Exercise » The expected reply is all of the data, returned exactly.

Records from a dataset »
____________
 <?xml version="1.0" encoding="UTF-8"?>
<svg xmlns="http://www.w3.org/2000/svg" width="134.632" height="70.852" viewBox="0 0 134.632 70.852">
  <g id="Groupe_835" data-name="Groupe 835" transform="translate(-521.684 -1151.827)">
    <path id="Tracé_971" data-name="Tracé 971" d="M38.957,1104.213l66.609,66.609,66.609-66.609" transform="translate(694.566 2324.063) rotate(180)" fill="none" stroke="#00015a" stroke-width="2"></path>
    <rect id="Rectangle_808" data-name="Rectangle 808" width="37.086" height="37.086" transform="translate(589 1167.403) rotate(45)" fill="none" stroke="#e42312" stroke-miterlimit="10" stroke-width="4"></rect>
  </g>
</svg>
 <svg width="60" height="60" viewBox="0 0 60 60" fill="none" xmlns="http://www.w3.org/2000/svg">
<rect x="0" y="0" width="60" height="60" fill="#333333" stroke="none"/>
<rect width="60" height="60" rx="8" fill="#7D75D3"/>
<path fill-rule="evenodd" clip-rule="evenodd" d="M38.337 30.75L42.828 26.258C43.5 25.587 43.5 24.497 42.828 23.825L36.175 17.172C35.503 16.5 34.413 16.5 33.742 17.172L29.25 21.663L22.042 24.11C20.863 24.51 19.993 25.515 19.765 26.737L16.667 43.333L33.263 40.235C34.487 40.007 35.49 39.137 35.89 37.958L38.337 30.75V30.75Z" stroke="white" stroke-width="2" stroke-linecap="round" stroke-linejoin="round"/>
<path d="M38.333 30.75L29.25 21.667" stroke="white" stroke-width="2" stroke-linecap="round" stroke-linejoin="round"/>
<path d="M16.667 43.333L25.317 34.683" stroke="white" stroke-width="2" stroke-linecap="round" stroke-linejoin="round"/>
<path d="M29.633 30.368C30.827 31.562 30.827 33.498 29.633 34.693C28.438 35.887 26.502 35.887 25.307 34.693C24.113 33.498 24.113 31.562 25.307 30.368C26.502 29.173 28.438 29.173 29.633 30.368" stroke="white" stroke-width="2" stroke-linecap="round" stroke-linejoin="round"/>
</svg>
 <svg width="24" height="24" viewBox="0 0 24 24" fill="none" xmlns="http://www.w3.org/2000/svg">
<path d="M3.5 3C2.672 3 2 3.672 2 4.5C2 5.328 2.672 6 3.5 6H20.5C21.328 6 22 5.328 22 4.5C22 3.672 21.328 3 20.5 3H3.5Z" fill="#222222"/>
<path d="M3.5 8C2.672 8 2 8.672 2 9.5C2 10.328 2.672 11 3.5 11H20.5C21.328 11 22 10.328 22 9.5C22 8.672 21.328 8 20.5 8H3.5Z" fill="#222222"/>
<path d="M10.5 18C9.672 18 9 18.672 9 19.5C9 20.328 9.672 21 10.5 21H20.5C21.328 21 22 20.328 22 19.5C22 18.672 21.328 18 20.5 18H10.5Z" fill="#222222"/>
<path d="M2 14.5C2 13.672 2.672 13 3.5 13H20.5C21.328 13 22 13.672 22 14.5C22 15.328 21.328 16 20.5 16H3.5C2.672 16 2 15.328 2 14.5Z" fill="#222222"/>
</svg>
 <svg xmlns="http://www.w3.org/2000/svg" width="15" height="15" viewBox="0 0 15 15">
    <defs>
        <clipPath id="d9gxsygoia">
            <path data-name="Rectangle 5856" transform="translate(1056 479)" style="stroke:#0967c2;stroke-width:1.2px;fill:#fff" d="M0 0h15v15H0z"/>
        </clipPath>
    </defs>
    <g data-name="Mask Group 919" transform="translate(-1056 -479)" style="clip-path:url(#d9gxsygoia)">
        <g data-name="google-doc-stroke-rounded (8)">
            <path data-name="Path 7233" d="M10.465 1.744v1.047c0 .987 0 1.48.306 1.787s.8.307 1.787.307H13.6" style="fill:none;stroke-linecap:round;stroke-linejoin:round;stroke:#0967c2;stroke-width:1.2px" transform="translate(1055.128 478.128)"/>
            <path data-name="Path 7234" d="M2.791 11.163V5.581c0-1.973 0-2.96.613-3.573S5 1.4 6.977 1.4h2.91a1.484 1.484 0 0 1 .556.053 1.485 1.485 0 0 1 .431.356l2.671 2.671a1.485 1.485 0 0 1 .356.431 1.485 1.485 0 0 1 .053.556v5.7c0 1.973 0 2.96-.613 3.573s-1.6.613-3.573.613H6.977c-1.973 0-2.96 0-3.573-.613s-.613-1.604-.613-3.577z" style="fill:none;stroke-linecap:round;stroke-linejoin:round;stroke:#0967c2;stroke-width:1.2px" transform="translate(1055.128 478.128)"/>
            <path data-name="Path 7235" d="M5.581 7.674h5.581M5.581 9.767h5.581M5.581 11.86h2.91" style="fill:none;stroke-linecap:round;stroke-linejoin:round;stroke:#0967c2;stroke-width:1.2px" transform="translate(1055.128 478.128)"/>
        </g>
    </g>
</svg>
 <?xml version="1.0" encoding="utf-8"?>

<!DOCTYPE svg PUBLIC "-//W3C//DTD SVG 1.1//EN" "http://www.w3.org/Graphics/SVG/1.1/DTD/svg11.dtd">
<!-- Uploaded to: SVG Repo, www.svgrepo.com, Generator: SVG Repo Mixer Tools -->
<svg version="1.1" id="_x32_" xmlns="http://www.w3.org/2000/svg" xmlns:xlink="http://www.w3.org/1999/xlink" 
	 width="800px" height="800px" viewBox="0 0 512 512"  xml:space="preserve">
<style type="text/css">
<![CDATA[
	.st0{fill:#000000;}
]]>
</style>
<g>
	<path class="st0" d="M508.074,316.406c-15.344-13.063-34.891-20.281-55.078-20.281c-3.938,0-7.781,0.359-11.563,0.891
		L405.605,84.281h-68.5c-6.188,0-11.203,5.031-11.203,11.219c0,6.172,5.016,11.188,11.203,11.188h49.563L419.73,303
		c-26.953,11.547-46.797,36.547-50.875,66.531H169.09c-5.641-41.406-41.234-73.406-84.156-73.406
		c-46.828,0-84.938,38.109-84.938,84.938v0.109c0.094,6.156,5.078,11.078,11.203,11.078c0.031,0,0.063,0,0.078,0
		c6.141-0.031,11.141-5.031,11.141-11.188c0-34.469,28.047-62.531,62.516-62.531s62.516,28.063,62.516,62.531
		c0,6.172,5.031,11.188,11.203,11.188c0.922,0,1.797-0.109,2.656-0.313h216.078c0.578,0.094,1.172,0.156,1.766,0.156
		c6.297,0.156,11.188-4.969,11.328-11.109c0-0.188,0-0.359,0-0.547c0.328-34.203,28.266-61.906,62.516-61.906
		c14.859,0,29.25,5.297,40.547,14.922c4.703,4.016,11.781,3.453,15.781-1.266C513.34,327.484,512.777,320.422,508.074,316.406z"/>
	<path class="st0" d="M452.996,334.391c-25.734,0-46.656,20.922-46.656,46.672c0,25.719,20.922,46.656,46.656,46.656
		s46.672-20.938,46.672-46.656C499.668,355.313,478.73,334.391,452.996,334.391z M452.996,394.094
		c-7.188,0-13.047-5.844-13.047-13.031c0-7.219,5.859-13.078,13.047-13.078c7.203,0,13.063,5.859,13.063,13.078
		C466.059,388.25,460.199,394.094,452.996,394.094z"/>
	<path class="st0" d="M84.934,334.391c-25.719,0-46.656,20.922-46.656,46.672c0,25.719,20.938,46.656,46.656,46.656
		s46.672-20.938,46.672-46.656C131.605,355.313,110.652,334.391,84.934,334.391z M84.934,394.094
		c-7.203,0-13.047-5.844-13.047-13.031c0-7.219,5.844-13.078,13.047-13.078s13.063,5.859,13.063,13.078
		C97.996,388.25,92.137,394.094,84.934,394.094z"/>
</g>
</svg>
____________
Exercise answer »
 <?xml version="1.0" encoding="UTF-8"?>
<svg xmlns="http://www.w3.org/2000/svg" width="134.632" height="70.852" viewBox="0 0 134.632 70.852">
  <g id="Groupe_835" data-name="Groupe 835" transform="translate(-521.684 -1151.827)">
    <path id="Tracé_971" data-name="Tracé 971" d="M38.957,1104.213l66.609,66.609,66.609-66.609" transform="translate(694.566 2324.063) rotate(180)" fill="none" stroke="#00015a" stroke-width="2"></path>
    <rect id="Rectangle_808" data-name="Rectangle 808" width="37.086" height="37.086" transform="translate(589 1167.403) rotate(45)" fill="none" stroke="#e42312" stroke-miterlimit="10" stroke-width="4"></rect>
  </g>
</svg>
 <svg width="60" height="60" viewBox="0 0 60 60" fill="none" xmlns="http://www.w3.org/2000/svg">
<rect x="0" y="0" width="60" height="60" fill="#333333" stroke="none"/>
<rect width="60" height="60" rx="8" fill="#7D75D3"/>
<path fill-rule="evenodd" clip-rule="evenodd" d="M38.337 30.75L42.828 26.258C43.5 25.587 43.5 24.497 42.828 23.825L36.175 17.172C35.503 16.5 34.413 16.5 33.742 17.172L29.25 21.663L22.042 24.11C20.863 24.51 19.993 25.515 19.765 26.737L16.667 43.333L33.263 40.235C34.487 40.007 35.49 39.137 35.89 37.958L38.337 30.75V30.75Z" stroke="white" stroke-width="2" stroke-linecap="round" stroke-linejoin="round"/>
<path d="M38.333 30.75L29.25 21.667" stroke="white" stroke-width="2" stroke-linecap="round" stroke-linejoin="round"/>
<path d="M16.667 43.333L25.317 34.683" stroke="white" stroke-width="2" stroke-linecap="round" stroke-linejoin="round"/>
<path d="M29.633 30.368C30.827 31.562 30.827 33.498 29.633 34.693C28.438 35.887 26.502 35.887 25.307 34.693C24.113 33.498 24.113 31.562 25.307 30.368C26.502 29.173 28.438 29.173 29.633 30.368" stroke="white" stroke-width="2" stroke-linecap="round" stroke-linejoin="round"/>
</svg>
 <svg width="24" height="24" viewBox="0 0 24 24" fill="none" xmlns="http://www.w3.org/2000/svg">
<path d="M3.5 3C2.672 3 2 3.672 2 4.5C2 5.328 2.672 6 3.5 6H20.5C21.328 6 22 5.328 22 4.5C22 3.672 21.328 3 20.5 3H3.5Z" fill="#222222"/>
<path d="M3.5 8C2.672 8 2 8.672 2 9.5C2 10.328 2.672 11 3.5 11H20.5C21.328 11 22 10.328 22 9.5C22 8.672 21.328 8 20.5 8H3.5Z" fill="#222222"/>
<path d="M10.5 18C9.672 18 9 18.672 9 19.5C9 20.328 9.672 21 10.5 21H20.5C21.328 21 22 20.328 22 19.5C22 18.672 21.328 18 20.5 18H10.5Z" fill="#222222"/>
<path d="M2 14.5C2 13.672 2.672 13 3.5 13H20.5C21.328 13 22 13.672 22 14.5C22 15.328 21.328 16 20.5 16H3.5C2.672 16 2 15.328 2 14.5Z" fill="#222222"/>
</svg>
 <svg xmlns="http://www.w3.org/2000/svg" width="15" height="15" viewBox="0 0 15 15">
    <defs>
        <clipPath id="d9gxsygoia">
            <path data-name="Rectangle 5856" transform="translate(1056 479)" style="stroke:#0967c2;stroke-width:1.2px;fill:#fff" d="M0 0h15v15H0z"/>
        </clipPath>
    </defs>
    <g data-name="Mask Group 919" transform="translate(-1056 -479)" style="clip-path:url(#d9gxsygoia)">
        <g data-name="google-doc-stroke-rounded (8)">
            <path data-name="Path 7233" d="M10.465 1.744v1.047c0 .987 0 1.48.306 1.787s.8.307 1.787.307H13.6" style="fill:none;stroke-linecap:round;stroke-linejoin:round;stroke:#0967c2;stroke-width:1.2px" transform="translate(1055.128 478.128)"/>
            <path data-name="Path 7234" d="M2.791 11.163V5.581c0-1.973 0-2.96.613-3.573S5 1.4 6.977 1.4h2.91a1.484 1.484 0 0 1 .556.053 1.485 1.485 0 0 1 .431.356l2.671 2.671a1.485 1.485 0 0 1 .356.431 1.485 1.485 0 0 1 .053.556v5.7c0 1.973 0 2.96-.613 3.573s-1.6.613-3.573.613H6.977c-1.973 0-2.96 0-3.573-.613s-.613-1.604-.613-3.577z" style="fill:none;stroke-linecap:round;stroke-linejoin:round;stroke:#0967c2;stroke-width:1.2px" transform="translate(1055.128 478.128)"/>
            <path data-name="Path 7235" d="M5.581 7.674h5.581M5.581 9.767h5.581M5.581 11.86h2.91" style="fill:none;stroke-linecap:round;stroke-linejoin:round;stroke:#0967c2;stroke-width:1.2px" transform="translate(1055.128 478.128)"/>
        </g>
    </g>
</svg>
 <?xml version="1.0" encoding="utf-8"?>

<!DOCTYPE svg PUBLIC "-//W3C//DTD SVG 1.1//EN" "http://www.w3.org/Graphics/SVG/1.1/DTD/svg11.dtd">
<!-- Uploaded to: SVG Repo, www.svgrepo.com, Generator: SVG Repo Mixer Tools -->
<svg version="1.1" id="_x32_" xmlns="http://www.w3.org/2000/svg" xmlns:xlink="http://www.w3.org/1999/xlink" 
	 width="800px" height="800px" viewBox="0 0 512 512"  xml:space="preserve">
<style type="text/css">
<![CDATA[
	.st0{fill:#000000;}
]]>
</style>
<g>
	<path class="st0" d="M508.074,316.406c-15.344-13.063-34.891-20.281-55.078-20.281c-3.938,0-7.781,0.359-11.563,0.891
		L405.605,84.281h-68.5c-6.188,0-11.203,5.031-11.203,11.219c0,6.172,5.016,11.188,11.203,11.188h49.563L419.73,303
		c-26.953,11.547-46.797,36.547-50.875,66.531H169.09c-5.641-41.406-41.234-73.406-84.156-73.406
		c-46.828,0-84.938,38.109-84.938,84.938v0.109c0.094,6.156,5.078,11.078,11.203,11.078c0.031,0,0.063,0,0.078,0
		c6.141-0.031,11.141-5.031,11.141-11.188c0-34.469,28.047-62.531,62.516-62.531s62.516,28.063,62.516,62.531
		c0,6.172,5.031,11.188,11.203,11.188c0.922,0,1.797-0.109,2.656-0.313h216.078c0.578,0.094,1.172,0.156,1.766,0.156
		c6.297,0.156,11.188-4.969,11.328-11.109c0-0.188,0-0.359,0-0.547c0.328-34.203,28.266-61.906,62.516-61.906
		c14.859,0,29.25,5.297,40.547,14.922c4.703,4.016,11.781,3.453,15.781-1.266C513.34,327.484,512.777,320.422,508.074,316.406z"/>
	<path class="st0" d="M452.996,334.391c-25.734,0-46.656,20.922-46.656,46.672c0,25.719,20.922,46.656,46.656,46.656
		s46.672-20.938,46.672-46.656C499.668,355.313,478.73,334.391,452.996,334.391z M452.996,394.094
		c-7.188,0-13.047-5.844-13.047-13.031c0-7.219,5.859-13.078,13.047-13.078c7.203,0,13.063,5.859,13.063,13.078
		C466.059,388.25,460.199,394.094,452.996,394.094z"/>
	<path class="st0" d="M84.934,334.391c-25.719,0-46.656,20.922-46.656,46.672c0,25.719,20.938,46.656,46.656,46.656
		s46.672-20.938,46.672-46.656C131.605,355.313,110.652,334.391,84.934,334.391z M84.934,394.094
		c-7.203,0-13.047-5.844-13.047-13.031c0-7.219,5.844-13.078,13.047-13.078s13.063,5.859,13.063,13.078
		C97.996,388.25,92.137,394.094,84.934,394.094z"/>
</g>
</svg>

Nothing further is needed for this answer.